Silence. I stared ahead. The blonde woman in white stared ahead.

Behind me, there was a gasp, a few expletives – everything you would expect from someone with a freshly minted image of a man fucking a headless seagull lodged in her brain.

“Wh… what did Jade do?”

“She turned around and walked back to Jeff’s parent’s house.”

“And then what?”

“Eventually Jeff came home and took a shower.”

“I fucking hope he took a shower. Oh my God. That’s the most disgusting thing I ever heard. But… then what?”

“Jade is just sitting there on the bed watching him get changed. She’s in shock. And she still can’t say anything. She watches him put on his underwear, his pants, his button-down shirt. And then, like, to make conversation, as if everything’s fine, Jeff goes, ‘You know, I’ve been listening to all the candidates, and honestly the one who makes the most sense to me is Mike Pence’.”

Silence. And then, the other girl goes into hysterics behind me. She is screaming with laughter. “Oh my God, that’s so perfect,” she says.

I notice that my travel companion across the aisle is turning toward the girls with a look of naked rage on her face, craning her neck to look at them, her blue eyes bulging.
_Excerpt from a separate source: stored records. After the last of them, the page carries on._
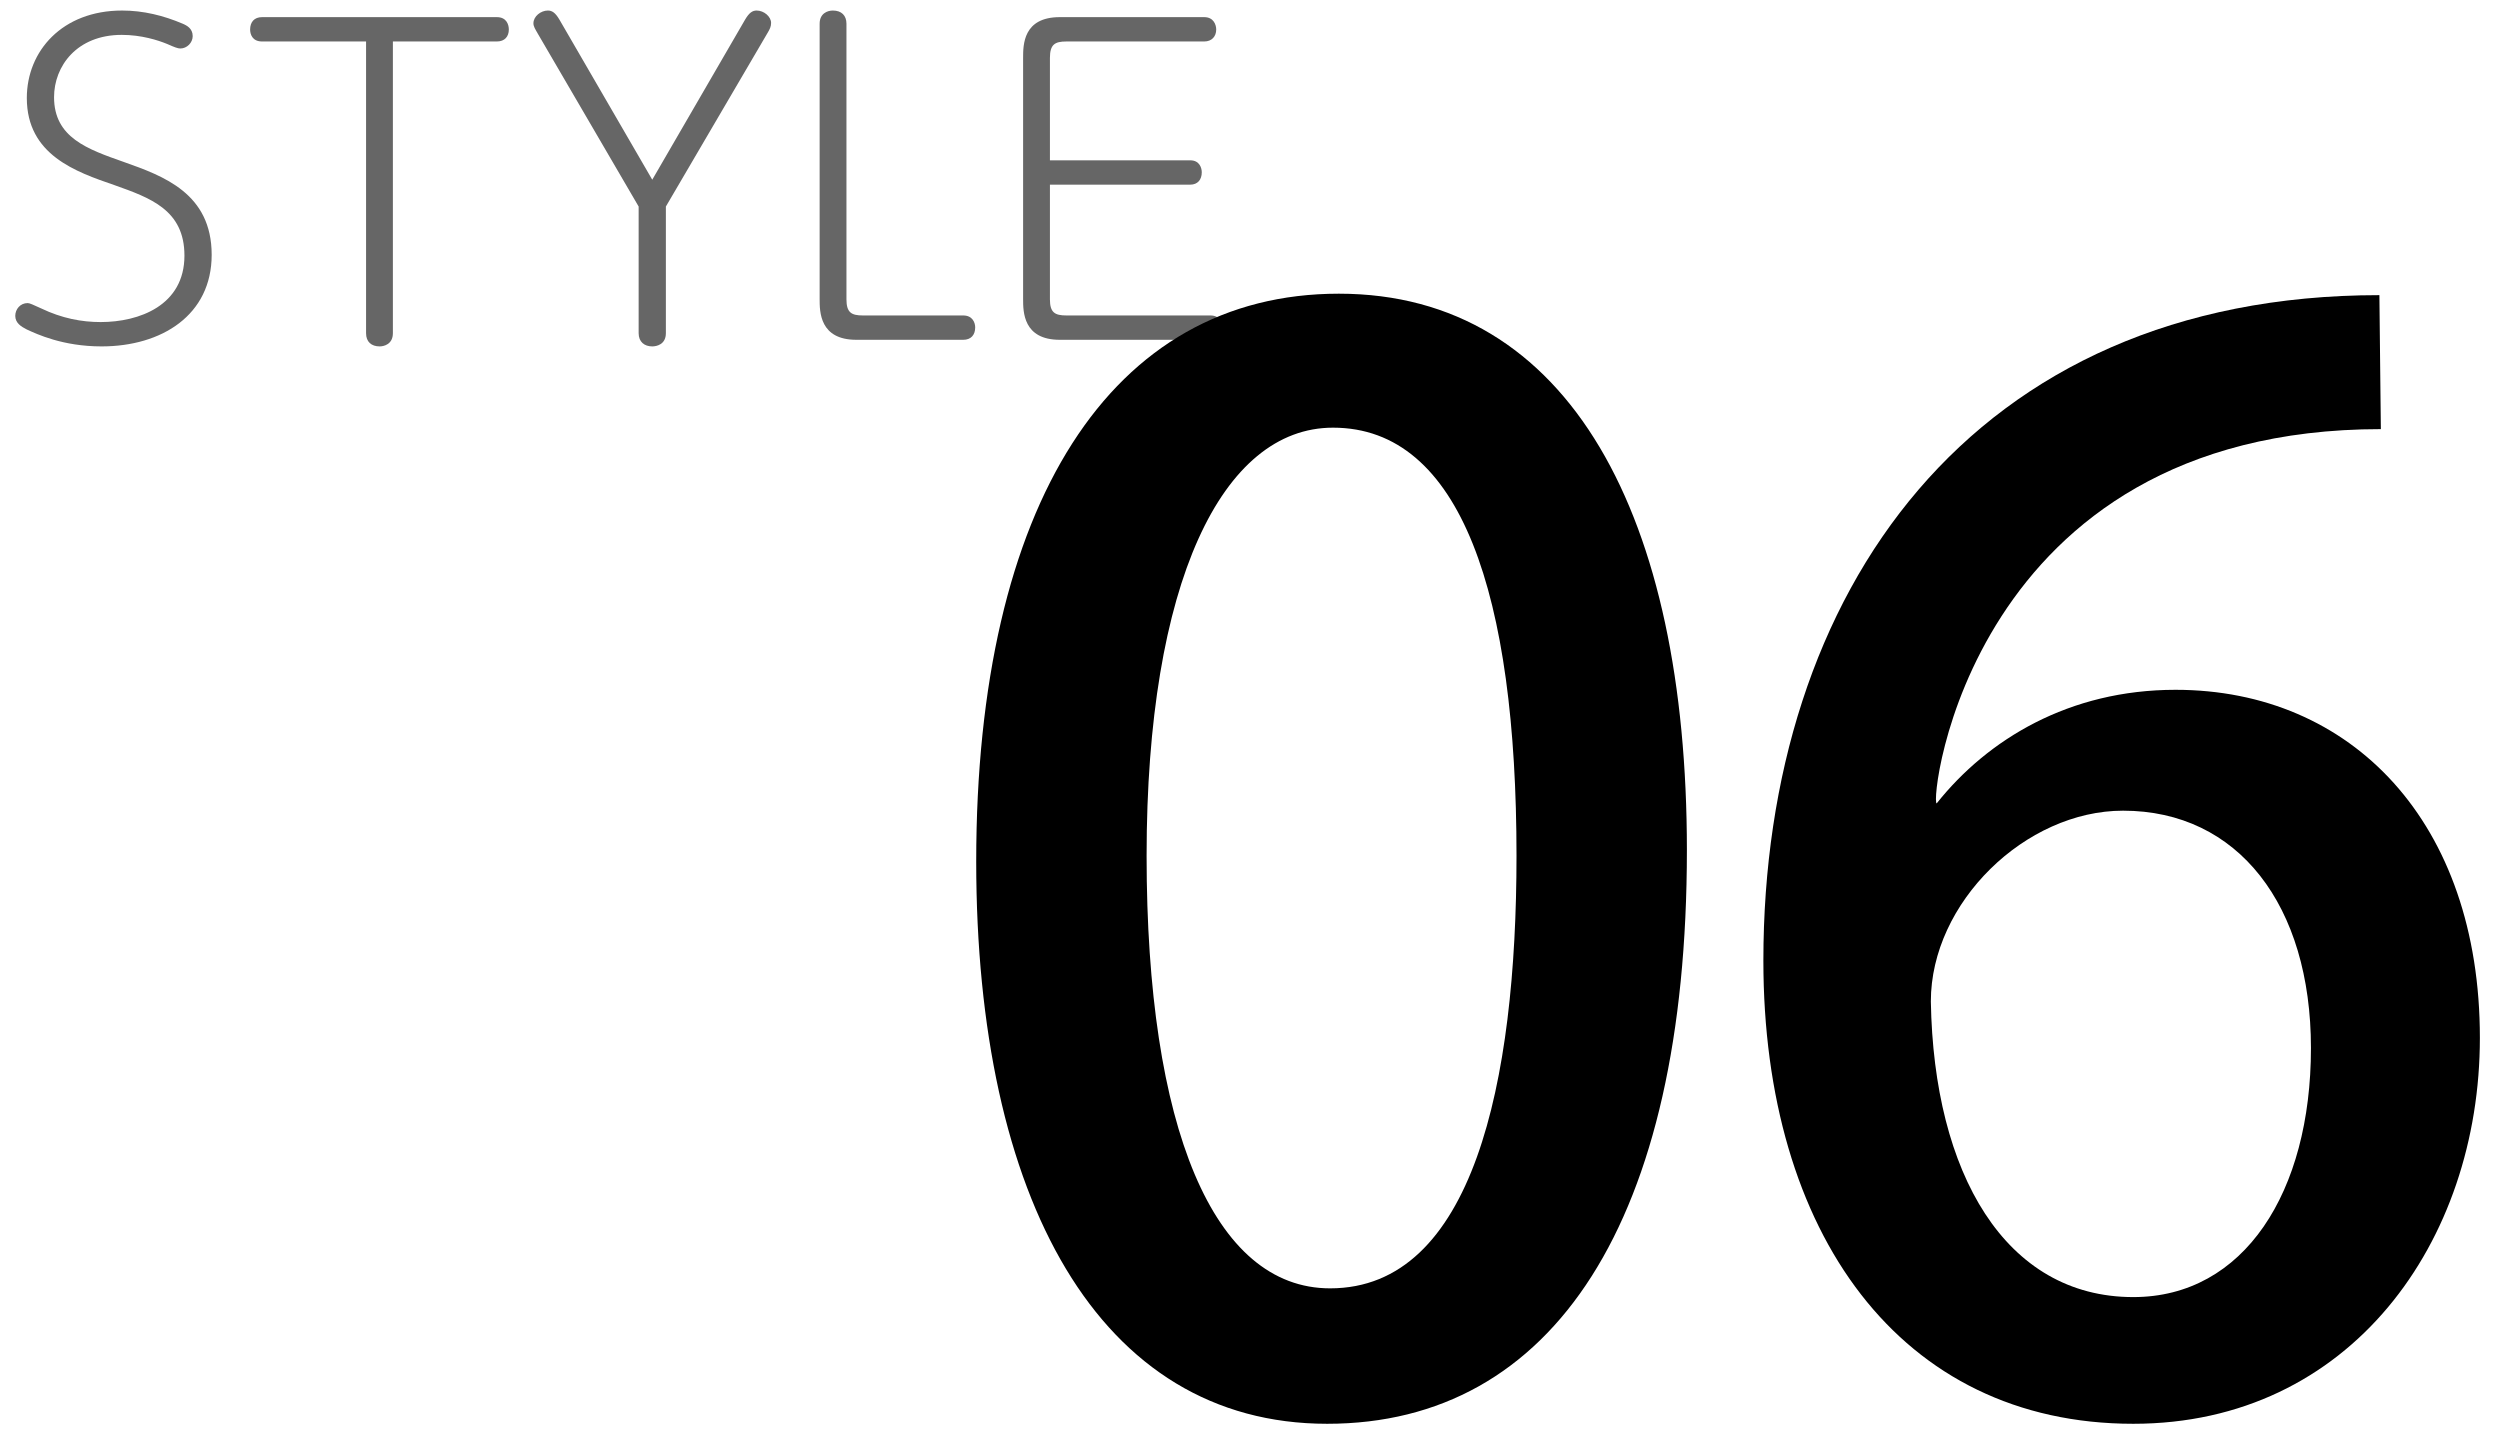 <svg width="103" height="59" viewBox="0 0 103 59" fill="none" xmlns="http://www.w3.org/2000/svg">
<path d="M43.257 6.605H49.037C49.428 6.605 49.513 6.928 49.513 7.098C49.513 7.404 49.343 7.608 49.037 7.608H43.257V12.334C43.257 12.878 43.461 12.997 43.937 12.997H49.87C50.261 12.997 50.363 13.303 50.363 13.49C50.363 13.796 50.193 14 49.87 14H43.665C42.152 14 42.152 12.844 42.152 12.317V2.389C42.152 1.845 42.152 0.706 43.665 0.706H49.615C50.006 0.706 50.108 1.029 50.108 1.216C50.108 1.505 49.921 1.709 49.615 1.709H43.937C43.461 1.709 43.257 1.828 43.257 2.389V6.605Z" fill="black" fill-opacity="0.6"/>
<path d="M39.685 14H35.282C33.769 14 33.769 12.844 33.769 12.317V0.978C33.769 0.553 34.092 0.434 34.313 0.434C34.67 0.434 34.874 0.638 34.874 0.978V12.334C34.874 12.878 35.078 12.997 35.554 12.997H39.685C40.076 12.997 40.178 13.303 40.178 13.49C40.178 13.796 40.008 14 39.685 14Z" fill="black" fill-opacity="0.6"/>
<path d="M26.873 7.404L30.698 0.808C30.868 0.519 31.004 0.434 31.174 0.434C31.48 0.434 31.769 0.689 31.769 0.944C31.769 1.097 31.718 1.199 31.616 1.369L27.434 8.509V13.728C27.434 14.187 27.06 14.272 26.873 14.272C26.55 14.272 26.312 14.085 26.312 13.728V8.509L22.147 1.369C22.062 1.216 21.977 1.097 21.977 0.961C21.977 0.672 22.283 0.434 22.572 0.434C22.742 0.434 22.878 0.519 23.048 0.808L26.873 7.404Z" fill="black" fill-opacity="0.6"/>
<path d="M16.187 1.709V13.728C16.187 14.187 15.813 14.272 15.643 14.272C15.303 14.272 15.082 14.085 15.082 13.728V1.709H10.798C10.39 1.709 10.305 1.403 10.305 1.216C10.305 0.91 10.475 0.706 10.798 0.706H20.471C20.879 0.706 20.964 1.029 20.964 1.216C20.964 1.505 20.794 1.709 20.471 1.709H16.187Z" fill="black" fill-opacity="0.6"/>
<path d="M1.139 12.487C1.224 12.487 1.36 12.555 1.7 12.708C2.55 13.116 3.366 13.269 4.148 13.269C5.729 13.269 7.599 12.589 7.599 10.532C7.599 8.645 6.188 8.152 4.709 7.625C3.128 7.081 1.105 6.384 1.105 4.038C1.105 2.1 2.567 0.434 5.032 0.434C5.899 0.434 6.732 0.638 7.531 0.978C7.684 1.046 7.939 1.165 7.939 1.488C7.939 1.76 7.701 1.998 7.429 1.998C7.327 1.998 7.191 1.947 6.885 1.811C6.511 1.658 5.831 1.437 5.015 1.437C3.162 1.437 2.227 2.729 2.227 4.004C2.227 5.67 3.604 6.146 5.1 6.673C6.732 7.251 8.721 7.965 8.721 10.498C8.721 12.98 6.664 14.272 4.182 14.272C2.584 14.272 1.513 13.762 1.105 13.575C0.867 13.456 0.629 13.303 0.629 13.014C0.629 12.742 0.833 12.487 1.139 12.487Z" fill="black" fill-opacity="0.6"/>
<path d="M98.031 12.16L98.091 17.68C81.111 17.68 79.491 33.1 79.791 33.1C81.891 30.46 85.251 28.42 89.631 28.42C96.891 28.42 102.171 33.88 102.171 42.76C102.171 51.16 96.831 58.66 87.891 58.66C78.291 58.66 72.651 50.8 72.651 39.58C72.651 24.4 81.231 12.16 98.031 12.16ZM87.891 53.44C92.451 53.44 95.211 49.12 95.211 43.18C95.211 37.3 92.211 33.4 87.471 33.4C83.451 33.4 79.551 37.18 79.551 41.26C79.671 48.34 82.611 53.44 87.891 53.44Z" fill="black"/>
<path d="M54.68 58.66C45.26 58.66 40.22 49.36 40.22 35.5C40.22 20.74 45.8 12.1 55.16 12.1C64.7 12.1 69.5 21.34 69.5 35.02C69.5 50.32 63.98 58.66 54.68 58.66ZM54.8 53.08C60.68 53.08 62.48 44.62 62.48 35.26C62.48 24.52 60.2 17.62 54.92 17.62C50.36 17.62 47.24 23.98 47.24 35.26C47.24 46.48 50 53.08 54.8 53.08Z" fill="black"/>
</svg>

The girls, unaware, are filling the train car with their mad glee. The more they enjoy the absurdity and grotesquerie of their friend’s predicament, the more furious Vanilla Lady seems to get. Finally, she bellows at them, her voice shaking.

“Is everything a joke to you?”

Now I feel I get to turn around. The girls are both red in the face from laughing, tears in their eyes. They stare at their accuser, dumbfounded, silenced.
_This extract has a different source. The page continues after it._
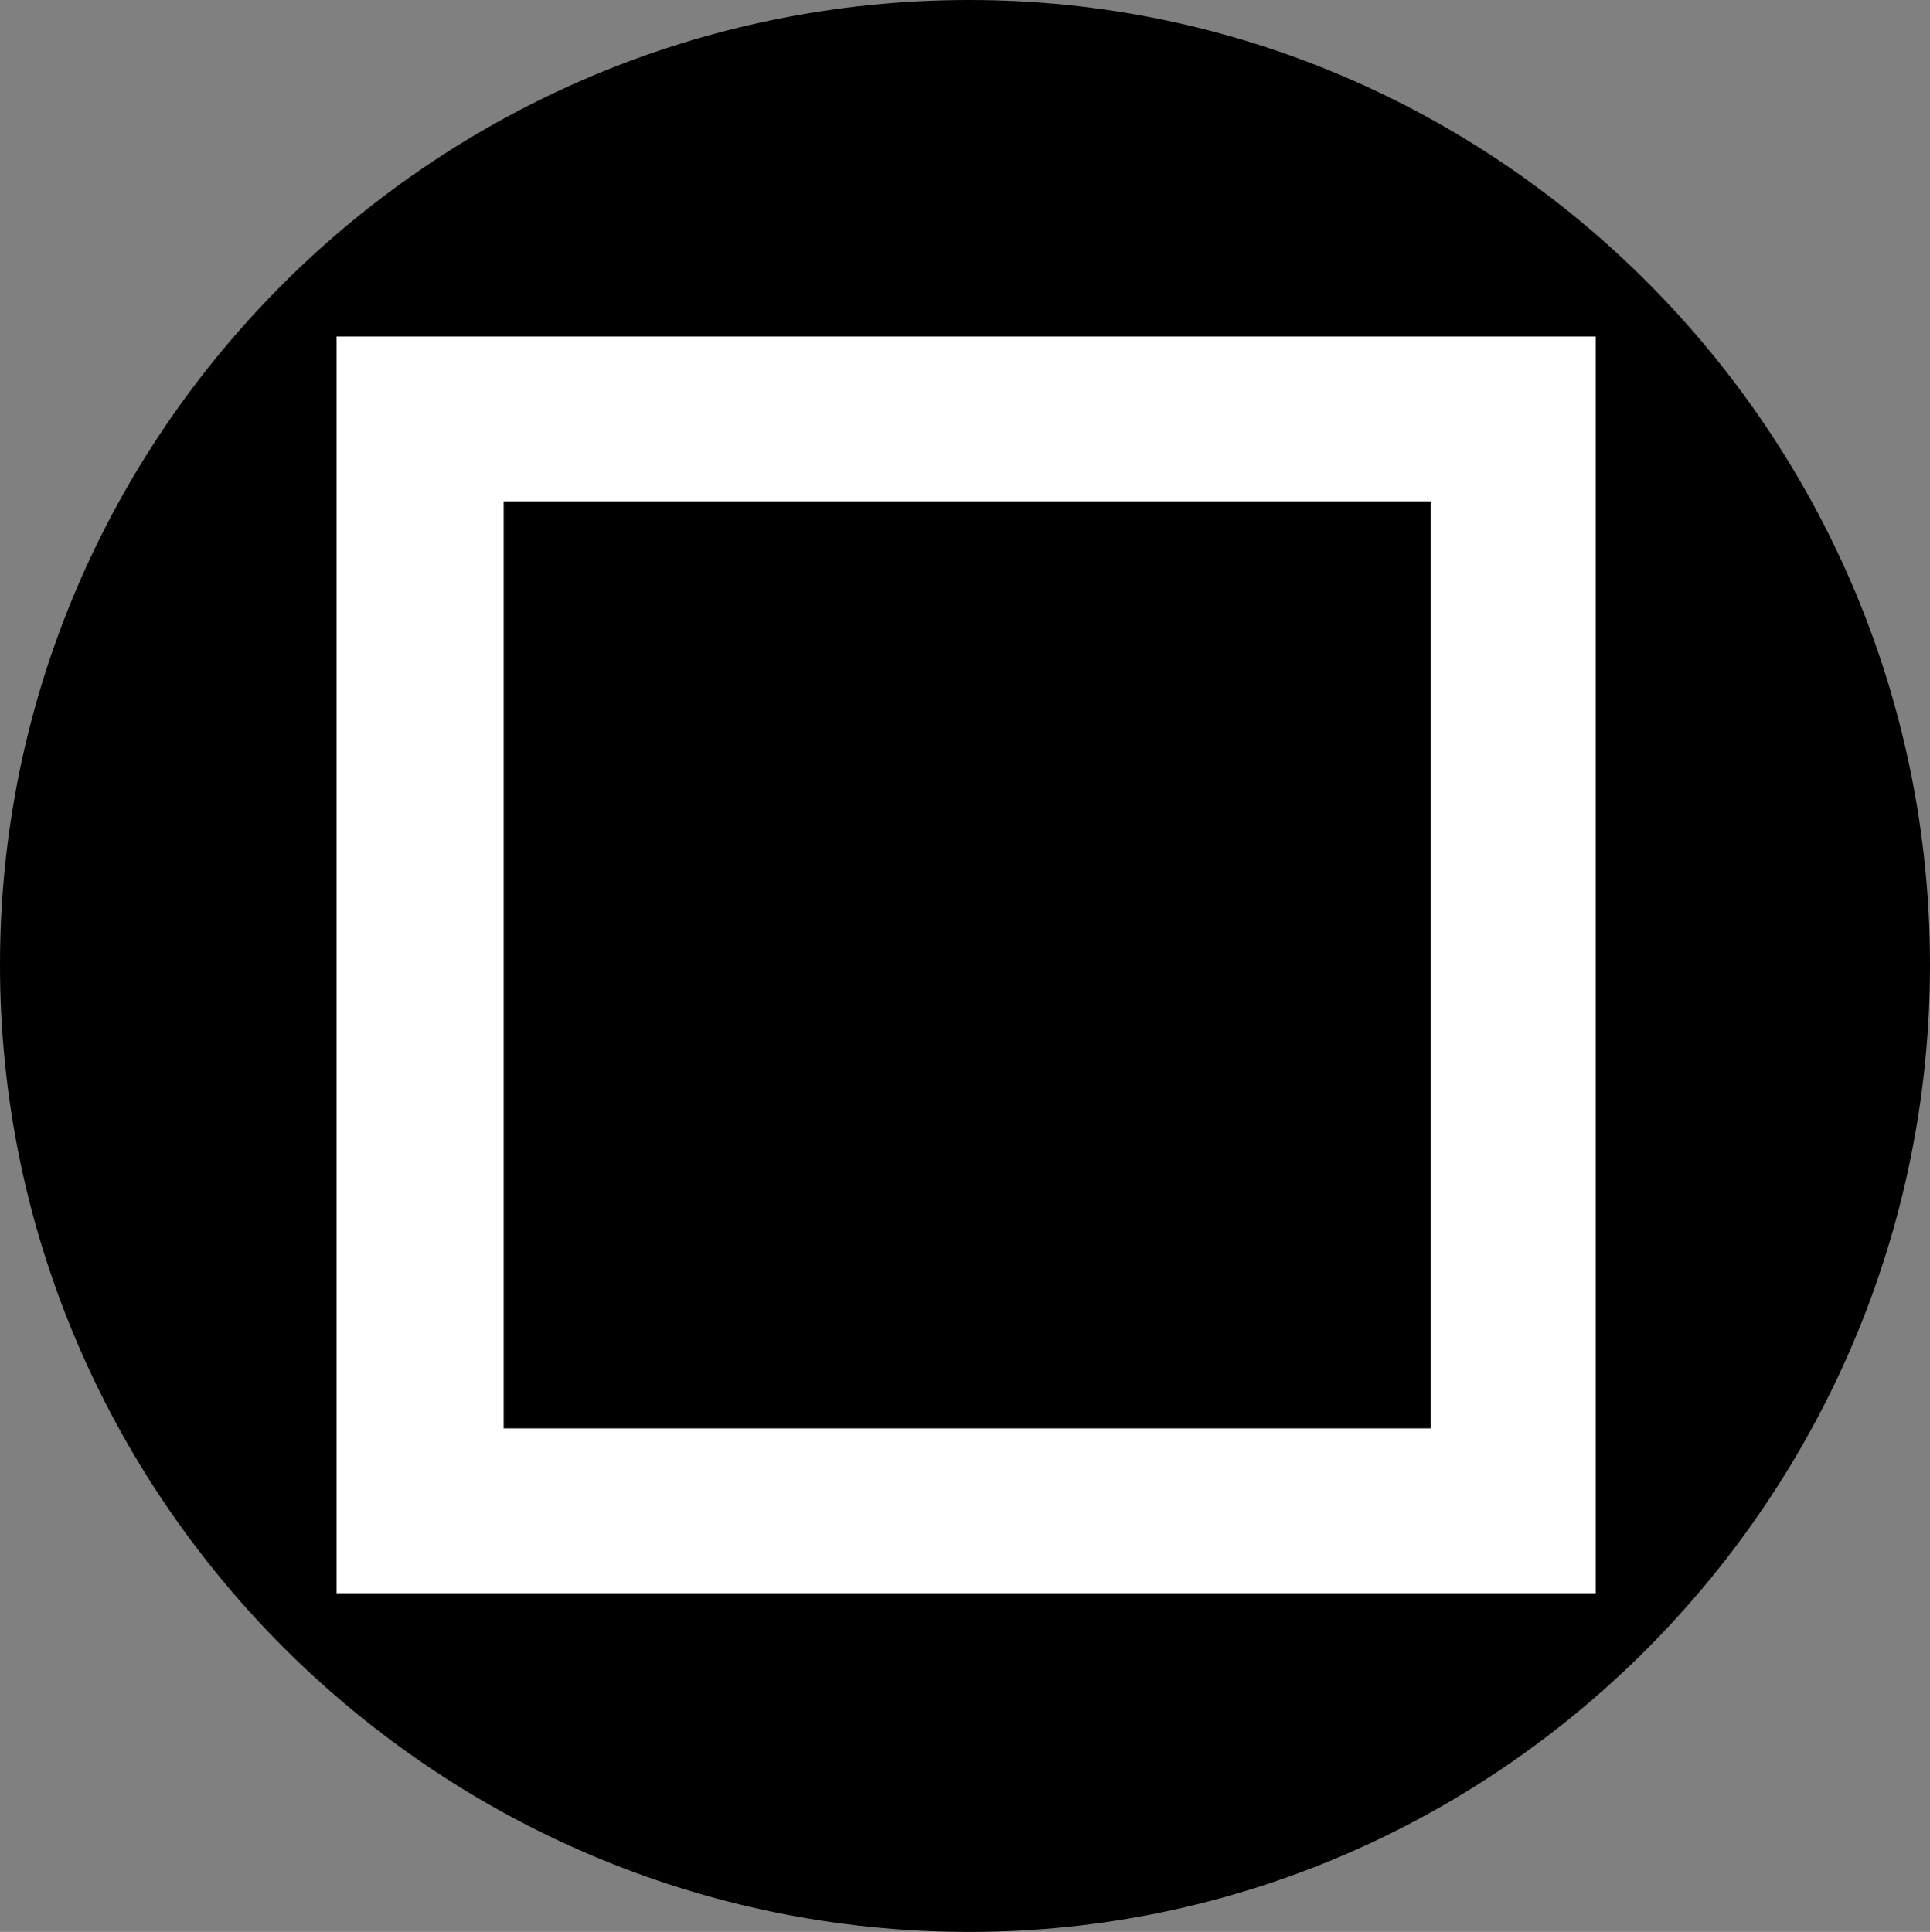 <?xml version="1.0" encoding="UTF-8"?><svg id="a" xmlns="http://www.w3.org/2000/svg" viewBox="0 0 31.172 31.208"><rect x="0" y="0" width="31.172" height="31.208" fill="#808080" stroke="none"/><defs><style>.b{fill:#fff;}</style></defs><path class="b" d="M15.658,31.064C7.091,31.064,.144,24.117,.144,15.586S7.091,.18,15.658,.18c8.459,0,15.37,6.875,15.37,15.406s-6.911,15.478-15.37,15.478Z"/><path d="M15.658,31.208C7.019,31.208,0,24.189,0,15.586S7.019,0,15.658,0c8.531,0,15.514,6.983,15.514,15.586s-6.983,15.622-15.514,15.622ZM5.436,5.436V25.737H25.773V5.436H5.436Zm2.7,2.664h14.974v14.974H8.135V8.099Z"/></svg>

The narrator, reassembling her powerful limbs, sits up in her seat. “What’s your problem?” she asks, a smile playing around her mouth.

“My problem is,” says the lady. “You—this—this sort of thing, is why this country is in such a dire condition! It’s—it’s the irony—it’s the—I just—I can guess you girls’ position on every single important issue facing our country today, just from listening to you, and it’s because of people like you that we’re all going to hell in a handbasket!”

The girls hang on her words like two chastised kids dangling from monkey bars. And then, simultaneously, they let go, and dissolve into laughter.